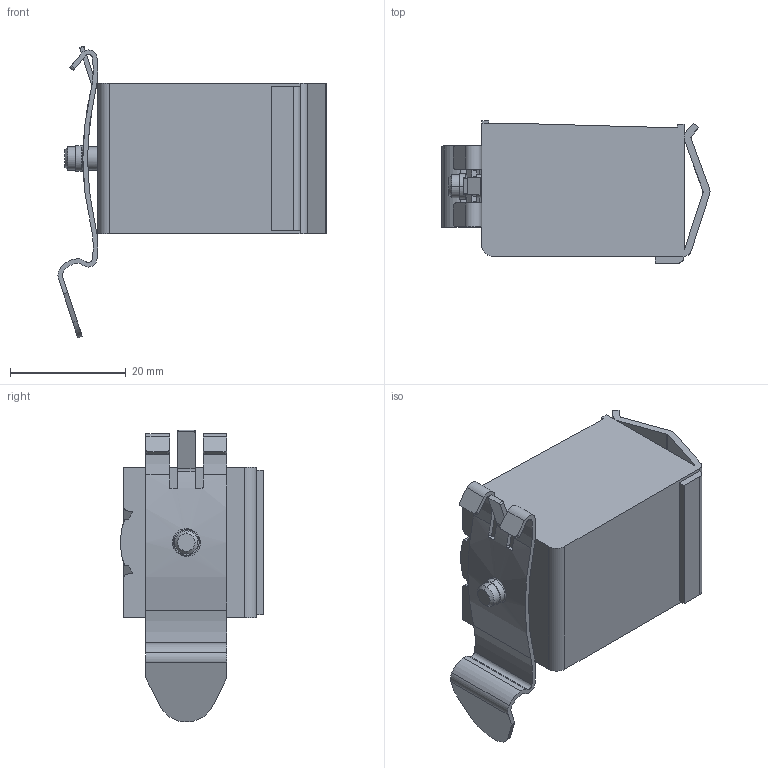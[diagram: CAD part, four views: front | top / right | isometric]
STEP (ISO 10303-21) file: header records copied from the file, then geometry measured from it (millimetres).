
FILE_DESCRIPTION((''),'2;1');
FILE_NAME('UBK-10-20_ASM','2022-06-16T',('Administrator'),(''),'PRO/ENGINEER BY PARAMETRIC TECHNOLOGY CORPORATION, 2013230','PRO/ENGINEER BY PARAMETRIC TECHNOLOGY CORPORATION, 2013230','');
FILE_SCHEMA(('AUTOMOTIVE_DESIGN { 1 0 10303 214 1 1 1 1 }'));
Length unit declared in the file: millimetre
Products named in the file (1): UBK-10-20_ASM
Bounding box: 46.29 x 24.7 x 50.38 mm (x, y, z)
Volume: 22014.3 mm3; surface area: 7749.9 mm2
Topology: 1 solids, 1 shells, 136 faces, 404 edges, 274 vertices
Faces by surface type: plane 71, cylinder 59, bspline 4, cone 2
Entity records: 5098 total; most frequent: CARTESIAN_POINT 1305, ORIENTED_EDGE 808, DIRECTION 776, EDGE_CURVE 404, VERTEX_POINT 274, AXIS2_PLACEMENT_3D 269, VECTOR 238, LINE 238
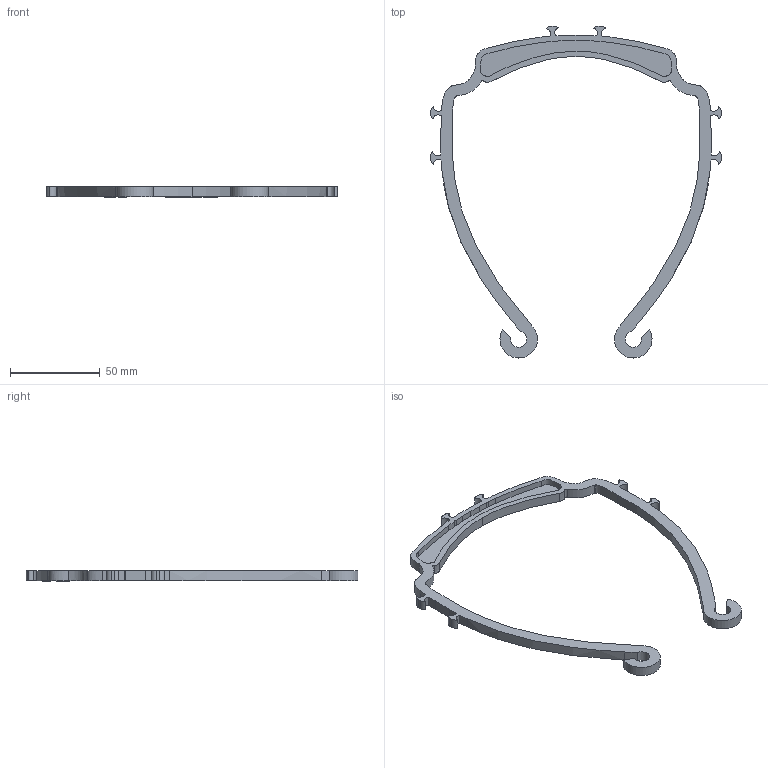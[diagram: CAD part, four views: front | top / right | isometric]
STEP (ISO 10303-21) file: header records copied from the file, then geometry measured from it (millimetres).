
FILE_DESCRIPTION(/* description */ (''),/* implementation_level */ '2;1');
FILE_NAME(/* name */ 'version 6 v6.step',/* time_stamp */ '2020-04-09T07:43:14-05:00',/* author */ (''),/* organization */ (''),/* preprocessor_version */ 'ST-DEVELOPER v18',/* originating_system */ 'Autodesk Translation Framework v8.12.0.6',/* authorisation */ '');
FILE_SCHEMA (('AUTOMOTIVE_DESIGN { 1 0 10303 214 3 1 1 }'));
Length unit declared in the file: millimetre
Products named in the file (1): version 6
Bounding box: 162.08 x 184.79 x 6.09 mm (x, y, z)
Volume: 20809.2 mm3; surface area: 15894.1 mm2
Topology: 1 solids, 1 shells, 427 faces, 1207 edges, 805 vertices
Faces by surface type: plane 219, bspline 171, cylinder 37
Entity records: 16136 total; most frequent: CARTESIAN_POINT 6330, ORIENTED_EDGE 2414, DIRECTION 1444, EDGE_CURVE 1207, VERTEX_POINT 805, LINE 782, VECTOR 782, EDGE_LOOP 450
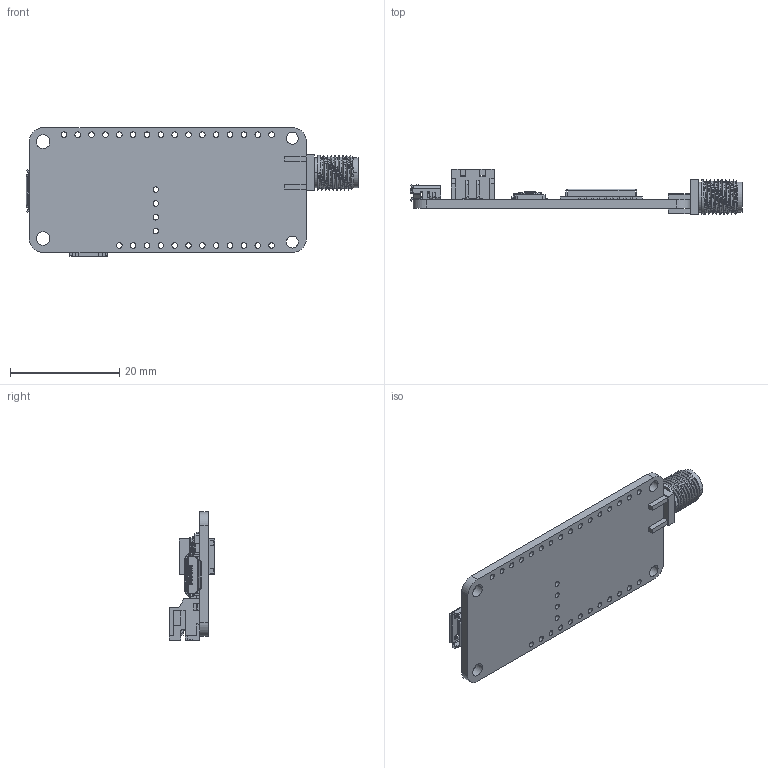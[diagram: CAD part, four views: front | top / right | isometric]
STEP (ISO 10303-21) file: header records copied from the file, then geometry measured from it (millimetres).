
FILE_DESCRIPTION((''),'2;1');
FILE_NAME('PWB-BASTWAN_ASM','2020-12-15T',('lina'),(''),'PRO/ENGINEER BY PARAMETRIC TECHNOLOGY CORPORATION, 2010280','PRO/ENGINEER BY PARAMETRIC TECHNOLOGY CORPORATION, 2010280','');
FILE_SCHEMA(('AUTOMOTIVE_DESIGN { 1 2 10303 214 0 1 1 1 }'));
Length unit declared in the file: millimetre
Products named in the file (10): PWB-BASTWAN; 1408C004; SMA-KE; PWB-RAK4260; RAKU70580011; PWB-RAK4260_ASM; 1610B002; 1410C00U; 1502C007; PWB-BASTWAN_ASM
Assembly tree (10 placements, depth 3):
  PWB-BASTWAN_ASM
    PWB-BASTWAN
    1408C004
    SMA-KE
    PWB-RAK4260_ASM
      PWB-RAK4260
      RAKU70580011
    1610B002
    1410C00U
    1502C007  x2
Bounding box: 60.9 x 8.4 x 23.56 mm (x, y, z)
Volume: 2443.2 mm3; surface area: 4842.8 mm2
Topology: 9 solids, 9 shells, 961 faces, 3301 edges, 2907 vertices
Faces by surface type: plane 662, cylinder 256, bspline 25, cone 10, extrusion 6, torus 2
Entity records: 47419 total; most frequent: CARTESIAN_POINT 10426, DIRECTION 5695, ORIENTED_EDGE 5194, PRESENTATION_STYLE_ASSIGNMENT 2823, STYLED_ITEM 2810, EDGE_CURVE 2597, CURVE_STYLE 2594, VECTOR 2509

** Instructions to follow **
The required output is every line of the entries, starting at the one that contains "2 10303 214" and ending at the last, copied exactly.

** Answer box **
FILE_SCHEMA(('AUTOMOTIVE_DESIGN { 1 2 10303 214 0 1 1 1 }'));
Length unit declared in the file: millimetre
Products named in the file (10): PWB-BASTWAN; 1408C004; SMA-KE; PWB-RAK4260; RAKU70580011; PWB-RAK4260_ASM; 1610B002; 1410C00U; 1502C007; PWB-BASTWAN_ASM
Assembly tree (10 placements, depth 3):
  PWB-BASTWAN_ASM
    PWB-BASTWAN
    1408C004
    SMA-KE
    PWB-RAK4260_ASM
      PWB-RAK4260
      RAKU70580011
    1610B002
    1410C00U
    1502C007  x2
Bounding box: 60.9 x 8.4 x 23.56 mm (x, y, z)
Volume: 2443.2 mm3; surface area: 4842.8 mm2
Topology: 9 solids, 9 shells, 961 faces, 3301 edges, 2907 vertices
Faces by surface type: plane 662, cylinder 256, bspline 25, cone 10, extrusion 6, torus 2
Entity records: 47419 total; most frequent: CARTESIAN_POINT 10426, DIRECTION 5695, ORIENTED_EDGE 5194, PRESENTATION_STYLE_ASSIGNMENT 2823, STYLED_ITEM 2810, EDGE_CURVE 2597, CURVE_STYLE 2594, VECTOR 2509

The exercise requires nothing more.